Activity >> Return the entries below in their exact form, leaving the pictures out.

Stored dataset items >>

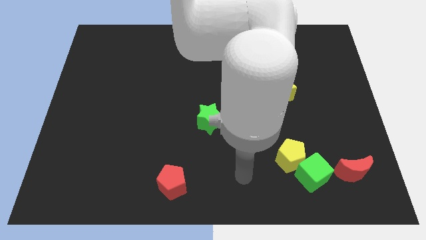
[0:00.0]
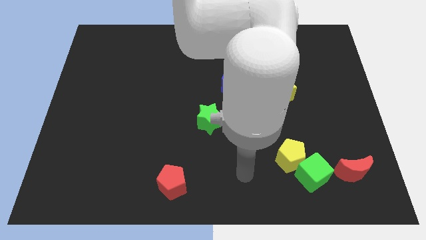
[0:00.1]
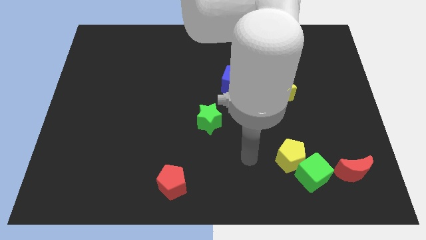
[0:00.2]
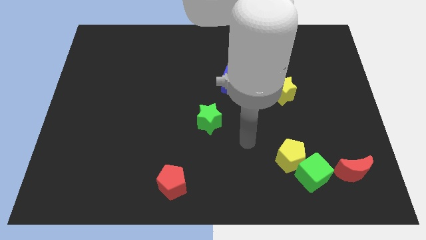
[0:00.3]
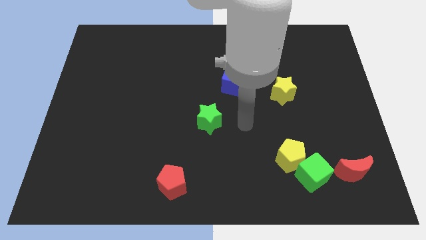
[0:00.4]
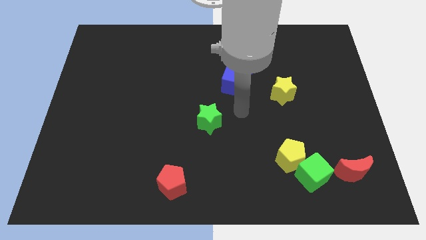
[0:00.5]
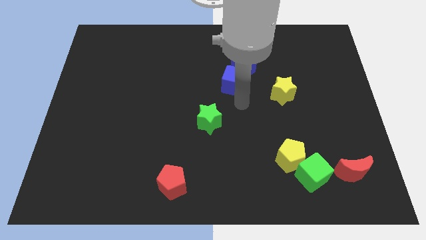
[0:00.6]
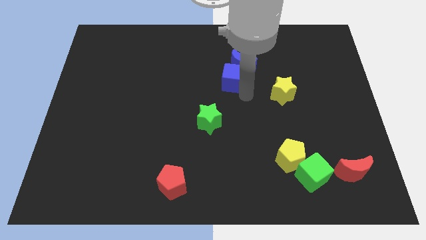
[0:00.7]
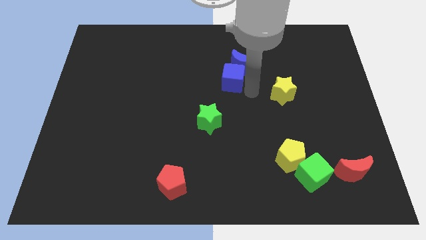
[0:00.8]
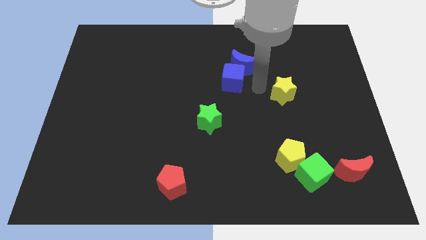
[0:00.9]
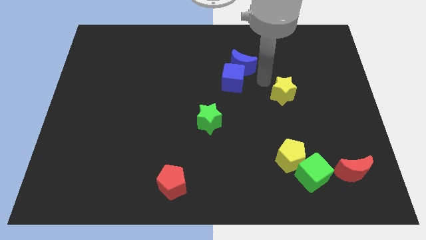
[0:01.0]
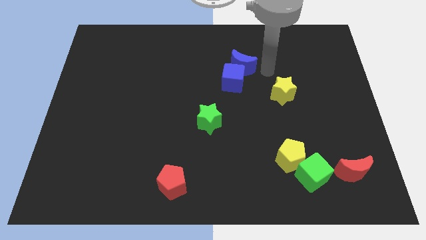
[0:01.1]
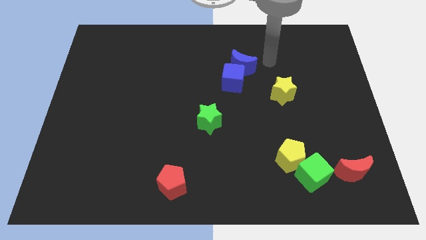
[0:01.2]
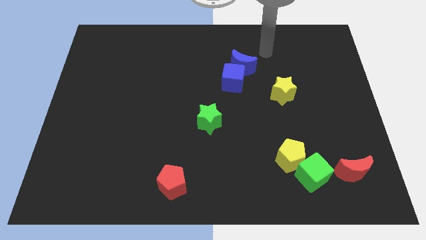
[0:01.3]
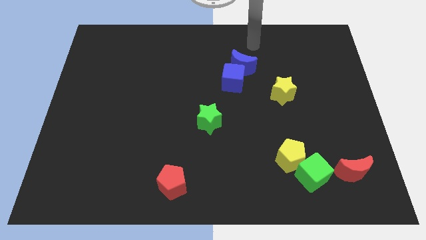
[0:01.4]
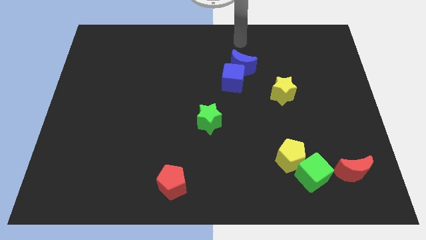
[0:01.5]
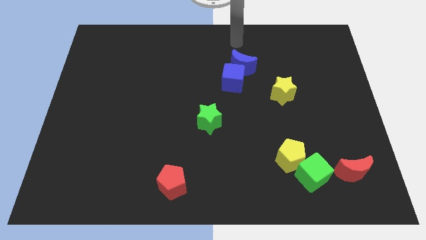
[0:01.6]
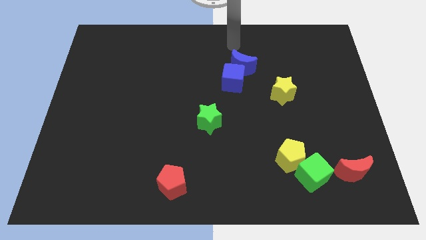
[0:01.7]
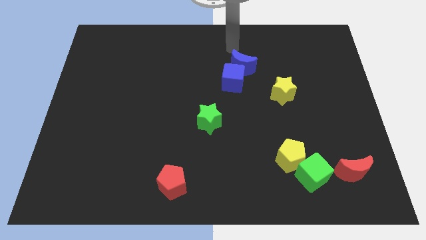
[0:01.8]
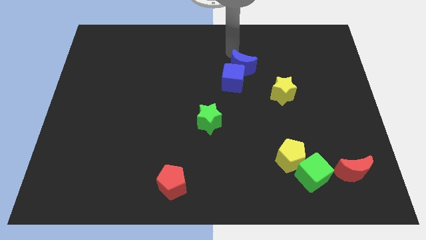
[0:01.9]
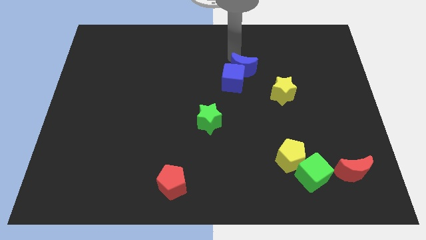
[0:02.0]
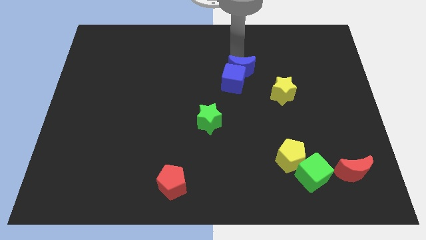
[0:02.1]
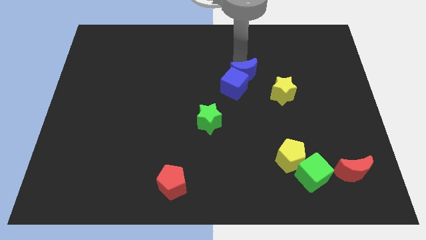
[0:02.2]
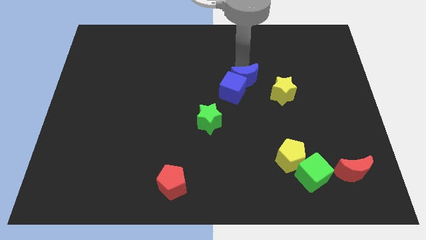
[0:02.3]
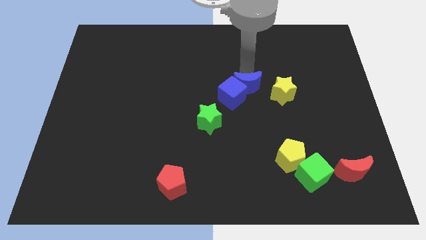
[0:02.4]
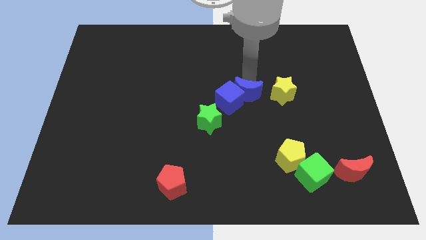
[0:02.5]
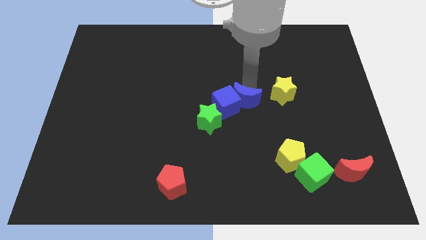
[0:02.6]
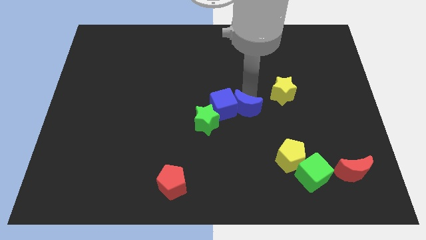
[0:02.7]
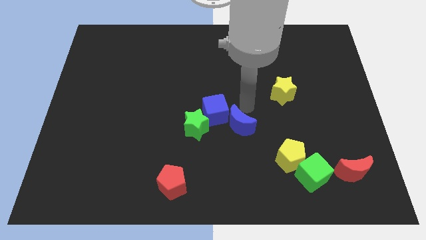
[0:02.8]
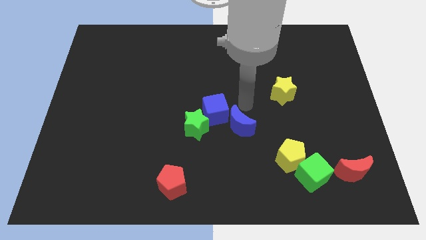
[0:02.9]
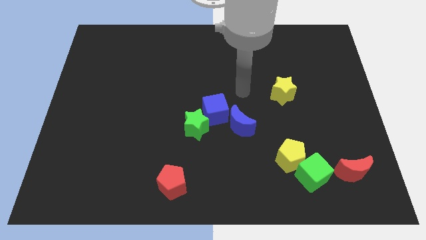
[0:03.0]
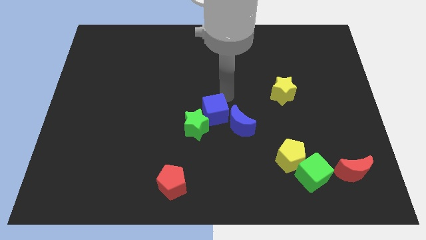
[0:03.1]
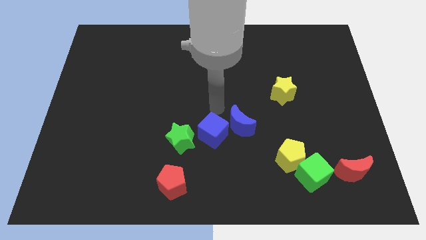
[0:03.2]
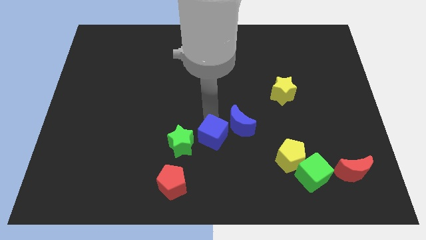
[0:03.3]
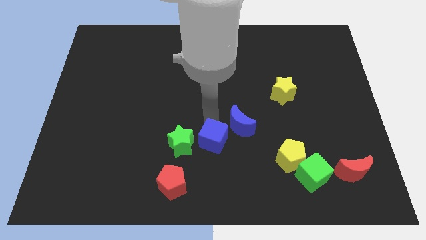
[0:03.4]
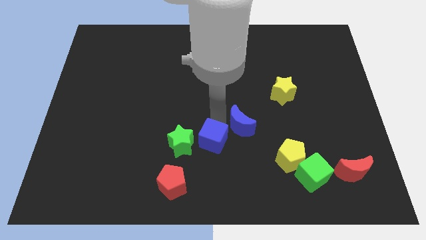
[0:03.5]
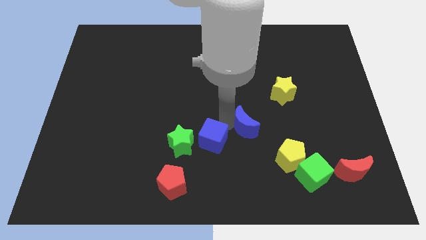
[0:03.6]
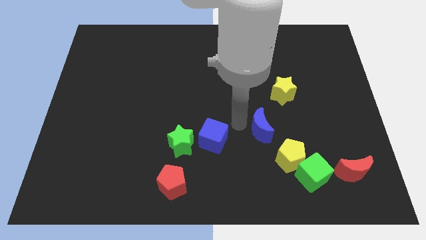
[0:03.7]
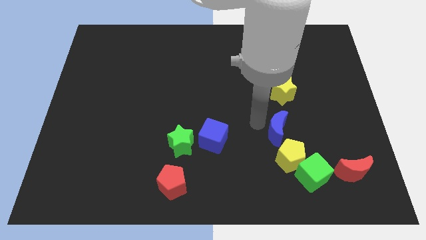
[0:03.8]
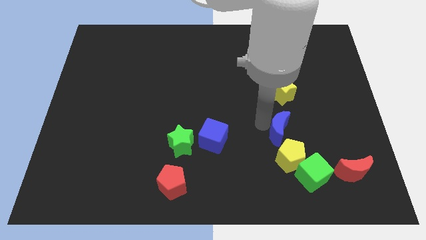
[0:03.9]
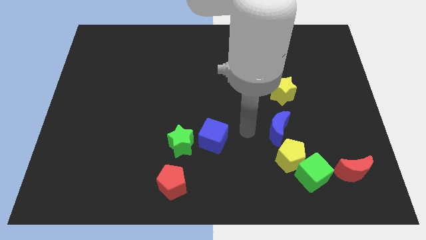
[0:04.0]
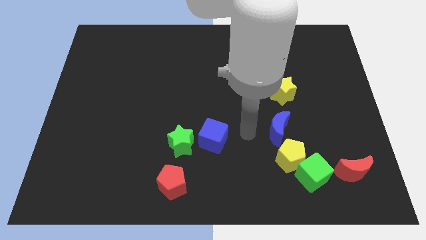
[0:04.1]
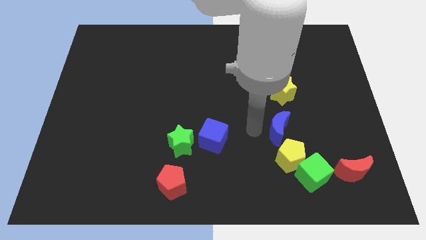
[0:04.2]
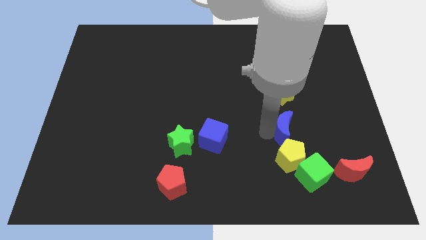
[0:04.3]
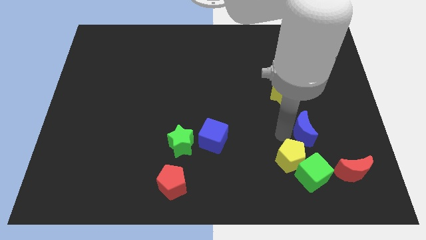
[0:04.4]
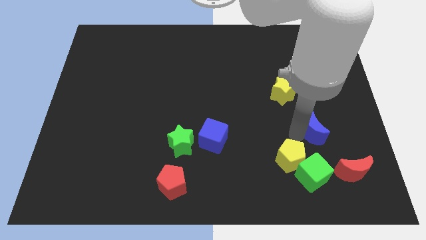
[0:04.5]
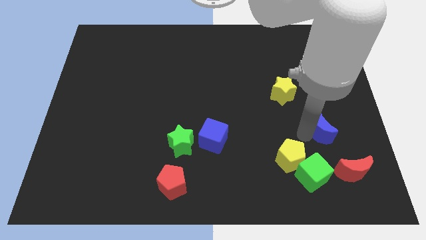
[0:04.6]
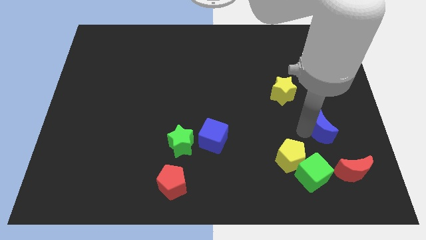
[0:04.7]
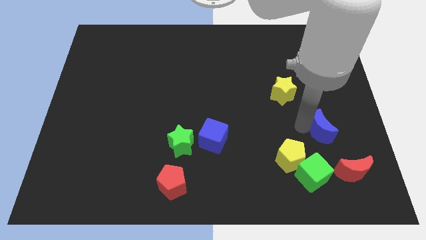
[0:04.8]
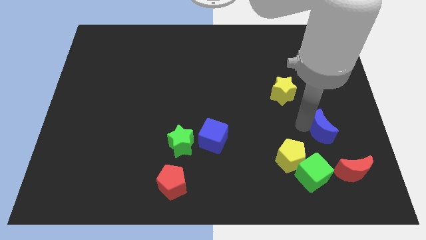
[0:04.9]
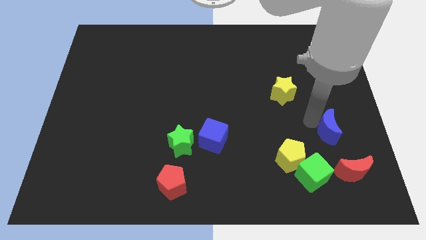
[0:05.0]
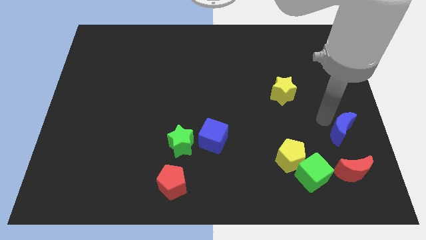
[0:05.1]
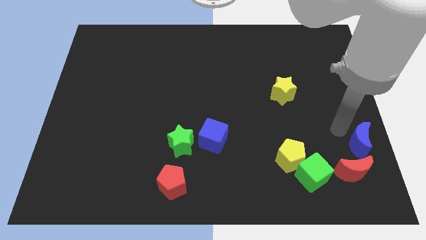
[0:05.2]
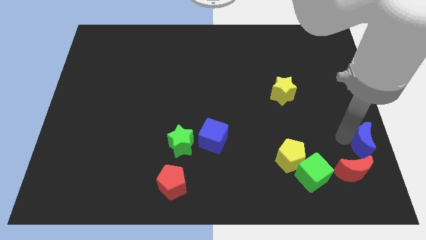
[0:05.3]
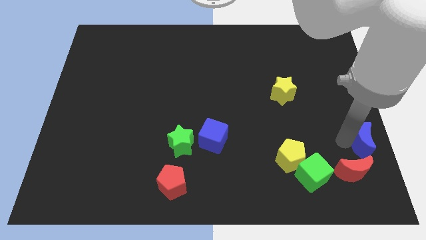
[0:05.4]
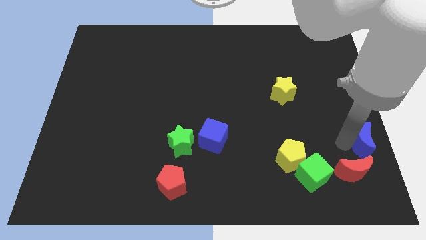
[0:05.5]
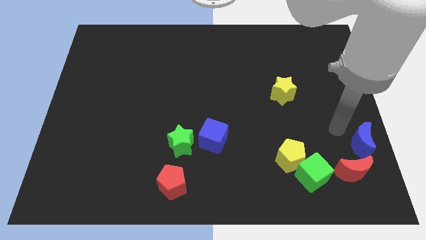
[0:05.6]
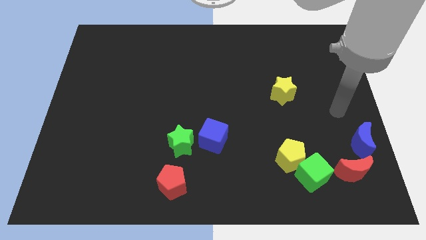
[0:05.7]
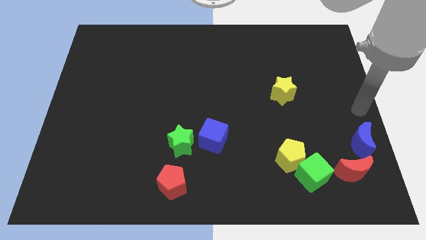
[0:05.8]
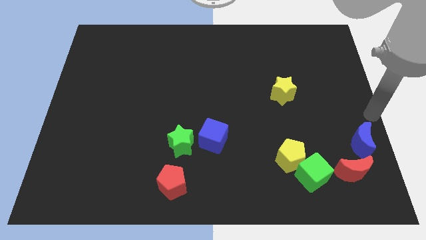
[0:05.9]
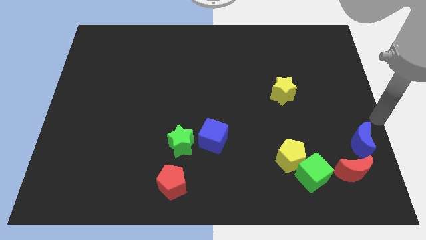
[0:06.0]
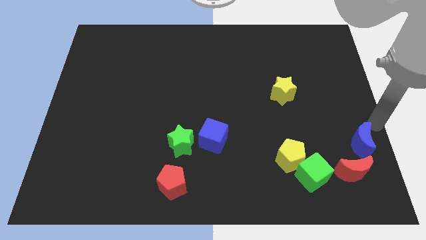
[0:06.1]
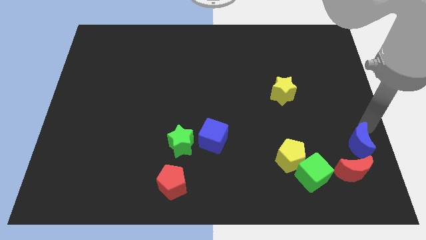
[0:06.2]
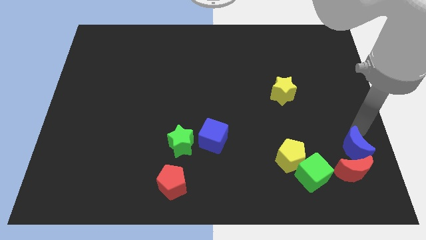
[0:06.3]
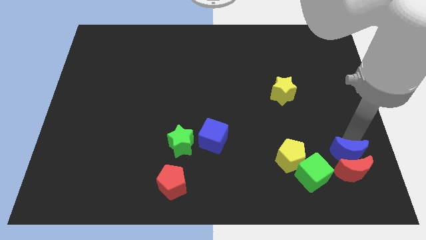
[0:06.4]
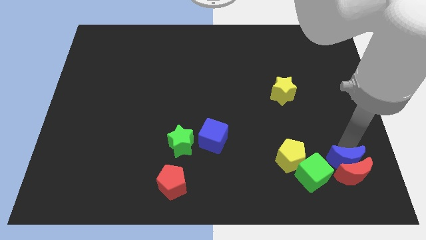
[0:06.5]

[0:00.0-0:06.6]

Result for this exercise >>
[0:00.0]
[0:00.1]
[0:00.2]
[0:00.3]
[0:00.4]
[0:00.5]
[0:00.6]
[0:00.7]
[0:00.8]
[0:00.9]
[0:01.0]
[0:01.1]
[0:01.2]
[0:01.3]
[0:01.4]
[0:01.5]
[0:01.6]
[0:01.7]
[0:01.8]
[0:01.9]
[0:02.0]
[0:02.1]
[0:02.2]
[0:02.3]
[0:02.4]
[0:02.5]
[0:02.6]
[0:02.7]
[0:02.8]
[0:02.9]
[0:03.0]
[0:03.1]
[0:03.2]
[0:03.3]
[0:03.4]
[0:03.5]
[0:03.6]
[0:03.7]
[0:03.8]
[0:03.9]
[0:04.0]
[0:04.1]
[0:04.2]
[0:04.3]
[0:04.4]
[0:04.5]
[0:04.6]
[0:04.7]
[0:04.8]
[0:04.9]
[0:05.0]
[0:05.1]
[0:05.2]
[0:05.3]
[0:05.4]
[0:05.5]
[0:05.6]
[0:05.7]
[0:05.8]
[0:05.9]
[0:06.0]
[0:06.1]
[0:06.2]
[0:06.3]
[0:06.4]
[0:06.5]

[0:00.0-0:06.6]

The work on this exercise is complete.